There are four key features of Ontario’s succession law which are of critical importance for blended families. First, marriage revokes a prior will. Second, spouses may be entitled to additional support. Third, stepchildren are not automatically entitled to a share in the estate of their step-parent, and last, as long as you are living with sufficient mental capacity, your are able to change or revoke your will. These rules have profound impacts on couples who wish to plan for the inheritance of their children. Let’s understand the impact of these rules using a few scenarios below.

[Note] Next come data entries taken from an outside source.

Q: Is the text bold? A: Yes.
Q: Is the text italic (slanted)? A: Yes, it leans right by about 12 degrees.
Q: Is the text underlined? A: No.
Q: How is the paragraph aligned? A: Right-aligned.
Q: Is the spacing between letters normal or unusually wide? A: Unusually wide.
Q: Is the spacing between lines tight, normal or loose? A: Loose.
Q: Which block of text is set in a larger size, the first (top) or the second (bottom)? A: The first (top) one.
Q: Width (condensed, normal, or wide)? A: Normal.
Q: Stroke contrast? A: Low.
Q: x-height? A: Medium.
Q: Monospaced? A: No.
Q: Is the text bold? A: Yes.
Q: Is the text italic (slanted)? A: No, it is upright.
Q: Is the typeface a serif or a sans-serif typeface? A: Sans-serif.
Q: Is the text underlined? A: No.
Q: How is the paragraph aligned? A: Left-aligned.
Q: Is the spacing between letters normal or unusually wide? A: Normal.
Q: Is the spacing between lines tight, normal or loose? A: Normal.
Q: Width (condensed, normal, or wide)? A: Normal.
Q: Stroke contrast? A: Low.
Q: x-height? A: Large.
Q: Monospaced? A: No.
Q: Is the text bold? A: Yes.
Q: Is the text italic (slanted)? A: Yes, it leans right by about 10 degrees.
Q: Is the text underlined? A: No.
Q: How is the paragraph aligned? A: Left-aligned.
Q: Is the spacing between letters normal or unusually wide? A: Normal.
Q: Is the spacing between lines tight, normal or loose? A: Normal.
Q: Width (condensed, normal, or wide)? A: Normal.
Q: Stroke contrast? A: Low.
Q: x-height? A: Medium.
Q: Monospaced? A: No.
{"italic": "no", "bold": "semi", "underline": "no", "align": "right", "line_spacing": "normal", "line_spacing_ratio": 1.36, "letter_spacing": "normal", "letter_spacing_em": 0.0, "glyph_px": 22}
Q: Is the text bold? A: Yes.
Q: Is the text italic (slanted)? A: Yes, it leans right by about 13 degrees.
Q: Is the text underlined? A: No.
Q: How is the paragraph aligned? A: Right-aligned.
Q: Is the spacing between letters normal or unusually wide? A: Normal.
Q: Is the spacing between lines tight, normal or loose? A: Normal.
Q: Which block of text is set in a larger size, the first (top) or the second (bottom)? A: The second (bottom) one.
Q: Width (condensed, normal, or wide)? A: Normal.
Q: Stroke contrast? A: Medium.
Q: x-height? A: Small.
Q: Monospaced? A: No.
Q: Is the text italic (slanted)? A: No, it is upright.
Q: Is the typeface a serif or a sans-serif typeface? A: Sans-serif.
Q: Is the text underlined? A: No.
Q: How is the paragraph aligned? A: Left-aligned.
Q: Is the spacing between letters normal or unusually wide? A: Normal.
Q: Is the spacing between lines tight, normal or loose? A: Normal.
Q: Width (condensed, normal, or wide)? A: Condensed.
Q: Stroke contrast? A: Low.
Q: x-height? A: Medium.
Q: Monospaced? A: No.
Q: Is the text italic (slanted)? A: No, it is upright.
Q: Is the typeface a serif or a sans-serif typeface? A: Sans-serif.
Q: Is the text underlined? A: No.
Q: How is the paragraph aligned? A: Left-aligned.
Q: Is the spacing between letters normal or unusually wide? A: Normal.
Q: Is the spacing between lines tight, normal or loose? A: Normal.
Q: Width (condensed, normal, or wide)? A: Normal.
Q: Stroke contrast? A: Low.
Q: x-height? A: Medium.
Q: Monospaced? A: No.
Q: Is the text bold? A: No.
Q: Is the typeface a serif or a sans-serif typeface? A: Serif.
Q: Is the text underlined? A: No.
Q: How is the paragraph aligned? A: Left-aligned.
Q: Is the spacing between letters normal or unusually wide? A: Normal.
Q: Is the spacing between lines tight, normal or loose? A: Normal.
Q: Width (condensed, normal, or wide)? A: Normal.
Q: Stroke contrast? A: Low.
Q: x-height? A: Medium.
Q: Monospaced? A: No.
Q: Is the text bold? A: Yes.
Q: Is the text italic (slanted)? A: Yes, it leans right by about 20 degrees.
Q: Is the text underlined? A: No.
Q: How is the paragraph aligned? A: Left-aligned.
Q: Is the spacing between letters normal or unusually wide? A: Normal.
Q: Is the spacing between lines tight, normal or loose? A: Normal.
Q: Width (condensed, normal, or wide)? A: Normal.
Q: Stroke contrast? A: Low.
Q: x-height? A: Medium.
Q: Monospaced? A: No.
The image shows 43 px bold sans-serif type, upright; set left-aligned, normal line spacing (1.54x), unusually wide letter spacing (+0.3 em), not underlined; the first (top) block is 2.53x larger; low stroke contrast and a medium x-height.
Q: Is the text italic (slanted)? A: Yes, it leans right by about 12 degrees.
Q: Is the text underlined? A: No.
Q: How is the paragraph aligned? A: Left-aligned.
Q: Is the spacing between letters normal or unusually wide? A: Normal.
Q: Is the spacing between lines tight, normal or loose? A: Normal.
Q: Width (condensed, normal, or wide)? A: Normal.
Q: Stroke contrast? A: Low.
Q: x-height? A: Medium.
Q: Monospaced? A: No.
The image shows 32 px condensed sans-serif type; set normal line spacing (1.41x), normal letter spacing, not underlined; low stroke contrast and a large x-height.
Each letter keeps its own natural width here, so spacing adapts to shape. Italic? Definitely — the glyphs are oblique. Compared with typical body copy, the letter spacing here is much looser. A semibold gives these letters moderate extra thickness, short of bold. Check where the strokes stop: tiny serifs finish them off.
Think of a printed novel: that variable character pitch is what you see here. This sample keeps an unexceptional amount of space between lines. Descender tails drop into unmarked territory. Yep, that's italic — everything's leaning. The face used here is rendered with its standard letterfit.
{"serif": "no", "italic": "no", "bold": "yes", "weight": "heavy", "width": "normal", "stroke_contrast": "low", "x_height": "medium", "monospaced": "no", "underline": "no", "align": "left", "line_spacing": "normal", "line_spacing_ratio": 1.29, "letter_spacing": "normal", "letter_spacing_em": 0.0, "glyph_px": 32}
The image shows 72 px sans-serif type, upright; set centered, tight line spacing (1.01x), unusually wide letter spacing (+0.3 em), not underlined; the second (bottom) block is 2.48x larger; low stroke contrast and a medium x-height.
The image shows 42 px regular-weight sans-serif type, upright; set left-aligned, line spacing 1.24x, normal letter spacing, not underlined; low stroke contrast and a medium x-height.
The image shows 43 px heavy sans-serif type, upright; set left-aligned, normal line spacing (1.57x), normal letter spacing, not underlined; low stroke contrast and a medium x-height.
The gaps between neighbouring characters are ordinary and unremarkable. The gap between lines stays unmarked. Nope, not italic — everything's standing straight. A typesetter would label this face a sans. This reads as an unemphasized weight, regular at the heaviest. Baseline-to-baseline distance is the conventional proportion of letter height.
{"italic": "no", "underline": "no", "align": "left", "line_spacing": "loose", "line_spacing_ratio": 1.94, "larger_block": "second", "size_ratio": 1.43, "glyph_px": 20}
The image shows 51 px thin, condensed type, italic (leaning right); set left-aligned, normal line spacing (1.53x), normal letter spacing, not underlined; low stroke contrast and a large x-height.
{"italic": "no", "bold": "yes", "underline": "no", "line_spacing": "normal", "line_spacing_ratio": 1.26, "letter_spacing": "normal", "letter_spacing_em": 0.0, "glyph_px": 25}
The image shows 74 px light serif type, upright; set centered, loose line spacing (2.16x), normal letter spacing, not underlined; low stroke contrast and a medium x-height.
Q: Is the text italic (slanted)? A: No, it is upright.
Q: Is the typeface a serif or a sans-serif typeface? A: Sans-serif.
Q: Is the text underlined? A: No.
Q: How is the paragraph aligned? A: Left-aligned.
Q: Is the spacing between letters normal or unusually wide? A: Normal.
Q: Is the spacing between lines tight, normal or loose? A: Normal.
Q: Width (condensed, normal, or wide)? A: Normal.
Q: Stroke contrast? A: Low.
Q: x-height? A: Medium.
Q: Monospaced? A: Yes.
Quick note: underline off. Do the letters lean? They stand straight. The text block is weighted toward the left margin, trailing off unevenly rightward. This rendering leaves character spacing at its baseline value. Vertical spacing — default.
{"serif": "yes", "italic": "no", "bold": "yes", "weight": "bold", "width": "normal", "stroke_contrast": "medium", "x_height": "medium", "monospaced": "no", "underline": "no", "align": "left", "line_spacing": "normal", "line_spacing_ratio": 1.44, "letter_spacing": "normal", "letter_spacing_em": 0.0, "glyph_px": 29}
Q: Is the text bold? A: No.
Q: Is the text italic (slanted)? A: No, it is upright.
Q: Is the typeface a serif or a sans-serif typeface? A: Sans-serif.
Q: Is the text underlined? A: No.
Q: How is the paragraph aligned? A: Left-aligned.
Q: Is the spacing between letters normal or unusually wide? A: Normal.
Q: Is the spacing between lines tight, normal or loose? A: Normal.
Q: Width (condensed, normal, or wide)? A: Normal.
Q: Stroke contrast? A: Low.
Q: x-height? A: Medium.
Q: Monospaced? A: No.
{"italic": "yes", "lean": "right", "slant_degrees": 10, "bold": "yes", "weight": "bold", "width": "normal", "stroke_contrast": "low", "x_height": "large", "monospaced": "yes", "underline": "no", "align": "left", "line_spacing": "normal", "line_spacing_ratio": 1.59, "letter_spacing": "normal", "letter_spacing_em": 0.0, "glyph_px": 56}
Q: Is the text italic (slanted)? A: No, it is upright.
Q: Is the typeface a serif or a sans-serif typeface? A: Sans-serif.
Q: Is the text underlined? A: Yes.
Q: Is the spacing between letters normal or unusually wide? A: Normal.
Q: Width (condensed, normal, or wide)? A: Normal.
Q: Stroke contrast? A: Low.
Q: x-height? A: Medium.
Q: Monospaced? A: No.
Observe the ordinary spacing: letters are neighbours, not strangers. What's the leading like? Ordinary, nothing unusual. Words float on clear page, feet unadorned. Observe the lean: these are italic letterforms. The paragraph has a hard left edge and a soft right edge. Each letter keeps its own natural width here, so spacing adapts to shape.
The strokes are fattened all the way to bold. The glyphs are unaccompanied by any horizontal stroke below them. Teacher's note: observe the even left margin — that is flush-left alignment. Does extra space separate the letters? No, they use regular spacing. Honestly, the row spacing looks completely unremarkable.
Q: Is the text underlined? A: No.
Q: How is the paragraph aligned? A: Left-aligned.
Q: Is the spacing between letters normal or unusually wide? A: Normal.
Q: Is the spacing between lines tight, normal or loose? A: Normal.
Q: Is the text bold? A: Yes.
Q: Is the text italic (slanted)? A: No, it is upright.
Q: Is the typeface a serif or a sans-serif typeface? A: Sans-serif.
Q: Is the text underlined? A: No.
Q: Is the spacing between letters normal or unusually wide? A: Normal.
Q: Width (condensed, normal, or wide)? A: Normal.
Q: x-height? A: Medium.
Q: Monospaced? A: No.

Imagine A and B are married. The only children are B’s from a previous relationship. Both A and B draft their wills. The wills provide that on their death, the estate passes to their spouse and if their spouse has already passed, then the estate goes to the children of B. B dies and A inherits the entire estate. A then remarries C. In this situation, unless A drafts another will, C is entitled to the entire estate of A on A’s death. This is because marriage revokes a prior will and stepchildren are not automatically provided for in Ontario’s succession law. If the children were minors or dependants, there would be further complications. First, who should be the guardian of the children? Second, are the children entitled to support if they were dependants of A? Third, if the children are entitled to support, who should control and administer this money to them? In this scenario, A could have redraft their will in order to clarify how the step-children will be protected, including financially and by designating a guardian for their care if they are minors.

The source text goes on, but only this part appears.